BEGIN DATA PROVIDED

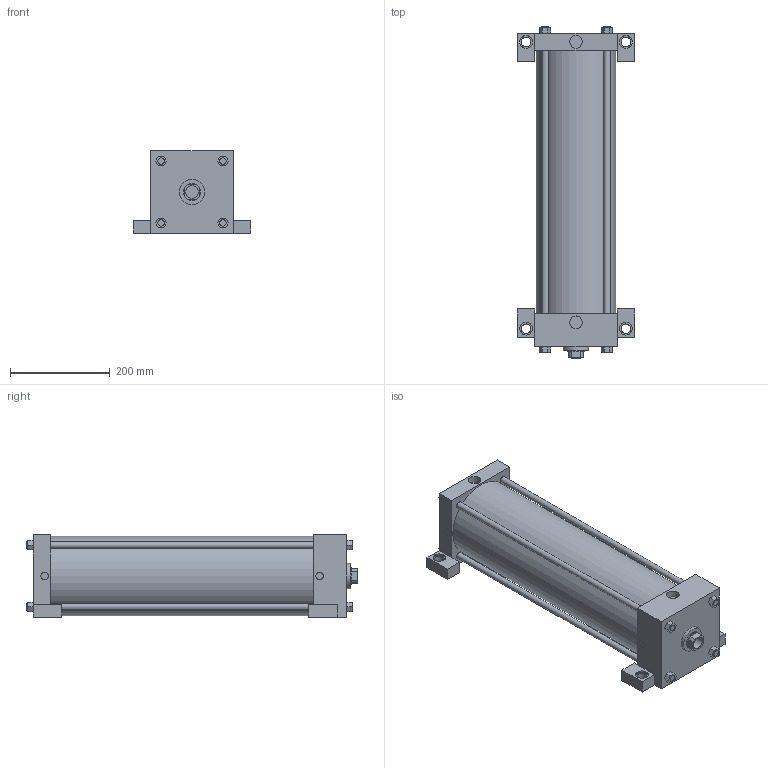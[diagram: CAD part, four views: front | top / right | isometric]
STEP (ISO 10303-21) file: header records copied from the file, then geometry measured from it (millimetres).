
FILE_DESCRIPTION((' Parasolid data model '),'2;1');
FILE_NAME('GSSL','1999-12-15T14:50:56+00:00',(' GSSL '),(' GSSL Pune '),'','GSSL Pune','Author');
FILE_SCHEMA(('CONFIG_CONTROL_DESIGN'));
Length unit declared in the file: millimetre
Bounding box: 234.95 x 665.16 x 165.1 mm (x, y, z)
Surface area: 527395.2 mm2 (no closed solid volume)
Topology: 0 solids, 9 shells, 150 faces, 391 edges, 277 vertices
Faces by surface type: plane 114, cylinder 36
Full cylindrical faces by diameter (mm): 12.7 x12, 15.081 x6, 19.05 x4, 25.118 x2, 25.4 x5, 34.925 x1, 50.8 x1, 158.75 x1
Entity records: 4383 total; most frequent: CARTESIAN_POINT 759, DIRECTION 701, ORIENTED_EDGE 612, EDGE_CURVE 354, LINE 273, VECTOR 273, VERTEX_POINT 272, EDGE_LOOP 232
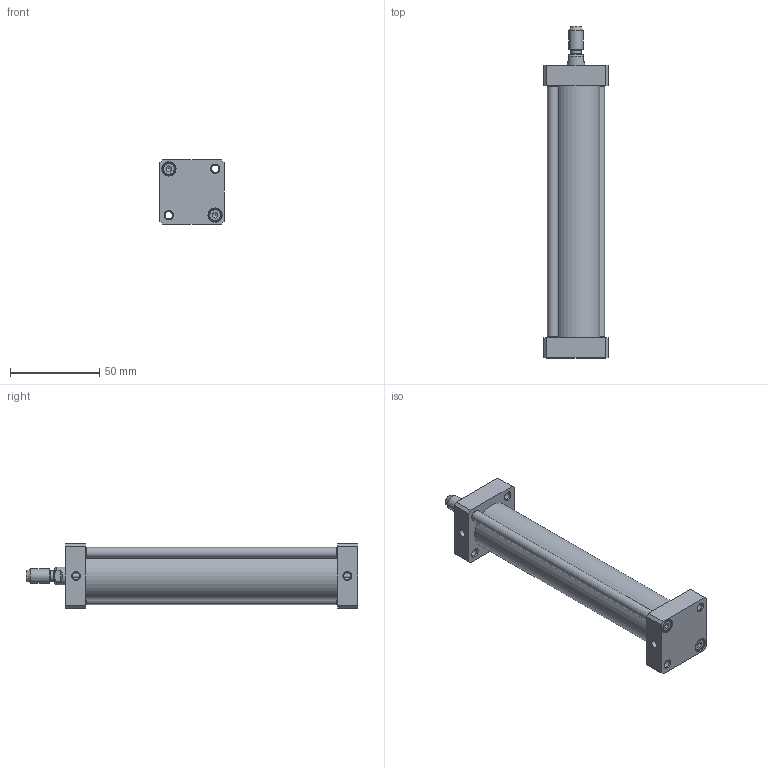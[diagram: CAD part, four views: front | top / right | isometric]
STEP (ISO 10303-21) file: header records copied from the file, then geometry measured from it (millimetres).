
FILE_DESCRIPTION((''),'2;1');
FILE_NAME('XDM025.125.GS.M.stp','2014-03-17T08:52:33',('carlo.corazza'),(''),'Autodesk Inventor 2012','Autodesk Inventor 2012','');
FILE_SCHEMA(('AUTOMOTIVE_DESIGN { 1 0 10303 214 1 1 1 1 }'));
Length unit declared in the file: millimetre
Products named in the file (6): XDM025..GS.M; CORPO-125; STELO-125; TA; TIRANTI-125; TP
Assembly tree (6 placements, depth 2):
  XDM025..GS.M
    CORPO-125
    STELO-125
    TA
    TIRANTI-125  x2
    TP
Bounding box: 36 x 186 x 36 mm (x, y, z)
Volume: 55547.7 mm3; surface area: 44913.5 mm2
Topology: 6 solids, 10 shells, 179 faces, 394 edges, 240 vertices
Faces by surface type: plane 73, cone 57, cylinder 38, torus 11
Full cylindrical faces by diameter (mm): 2 x2, 3.242 x4, 4.134 x7, 4.9 x4, 6 x3, 7 x4, 7.5 x4, 8 x2, 10 x1, 10.48 x1, 11.4 x1, 12 x1, 13.84 x1, 14 x1, 25 x1, 26.6 x1
Entity records: 4452 total; most frequent: CARTESIAN_POINT 856, DIRECTION 706, ORIENTED_EDGE 508, AXIS2_PLACEMENT_3D 302, EDGE_LOOP 294, EDGE_CURVE 254, VERTEX_POINT 206, STYLED_ITEM 173

END DATA PROVIDED

* [WORK REQUEST]: Every record must be set down again exactly; pictures do not belong in the copy.

* [SOLUTION TO THE EXERCISE]:
[diagram: CAD part, four views: front | top / right | isometric]
STEP (ISO 10303-21) file: header records copied from the file, then geometry measured from it (millimetres).
FILE_DESCRIPTION((' Parasolid data model '),'2;1');
FILE_NAME('GSSL','1999-12-15T14:50:56+00:00',(' GSSL '),(' GSSL Pune '),'','GSSL Pune','Author');
FILE_SCHEMA(('CONFIG_CONTROL_DESIGN'));
Length unit declared in the file: millimetre
Bounding box: 234.95 x 665.16 x 165.1 mm (x, y, z)
Surface area: 527395.2 mm2 (no closed solid volume)
Topology: 0 solids, 9 shells, 150 faces, 391 edges, 277 vertices
Faces by surface type: plane 114, cylinder 36
Full cylindrical faces by diameter (mm): 12.7 x12, 15.081 x6, 19.05 x4, 25.118 x2, 25.4 x5, 34.925 x1, 50.8 x1, 158.75 x1
Entity records: 4383 total; most frequent: CARTESIAN_POINT 759, DIRECTION 701, ORIENTED_EDGE 612, EDGE_CURVE 354, LINE 273, VECTOR 273, VERTEX_POINT 272, EDGE_LOOP 232
[diagram: CAD part, four views: front | top / right | isometric]
STEP (ISO 10303-21) file: header records copied from the file, then geometry measured from it (millimetres).
FILE_DESCRIPTION((''),'2;1');
FILE_NAME('XDM025.125.GS.M.stp','2014-03-17T08:52:33',('carlo.corazza'),(''),'Autodesk Inventor 2012','Autodesk Inventor 2012','');
FILE_SCHEMA(('AUTOMOTIVE_DESIGN { 1 0 10303 214 1 1 1 1 }'));
Length unit declared in the file: millimetre
Products named in the file (6): XDM025..GS.M; CORPO-125; STELO-125; TA; TIRANTI-125; TP
Assembly tree (6 placements, depth 2):
  XDM025..GS.M
    CORPO-125
    STELO-125
    TA
    TIRANTI-125  x2
    TP
Bounding box: 36 x 186 x 36 mm (x, y, z)
Volume: 55547.7 mm3; surface area: 44913.5 mm2
Topology: 6 solids, 10 shells, 179 faces, 394 edges, 240 vertices
Faces by surface type: plane 73, cone 57, cylinder 38, torus 11
Full cylindrical faces by diameter (mm): 2 x2, 3.242 x4, 4.134 x7, 4.9 x4, 6 x3, 7 x4, 7.5 x4, 8 x2, 10 x1, 10.48 x1, 11.4 x1, 12 x1, 13.84 x1, 14 x1, 25 x1, 26.6 x1
Entity records: 4452 total; most frequent: CARTESIAN_POINT 856, DIRECTION 706, ORIENTED_EDGE 508, AXIS2_PLACEMENT_3D 302, EDGE_LOOP 294, EDGE_CURVE 254, VERTEX_POINT 206, STYLED_ITEM 173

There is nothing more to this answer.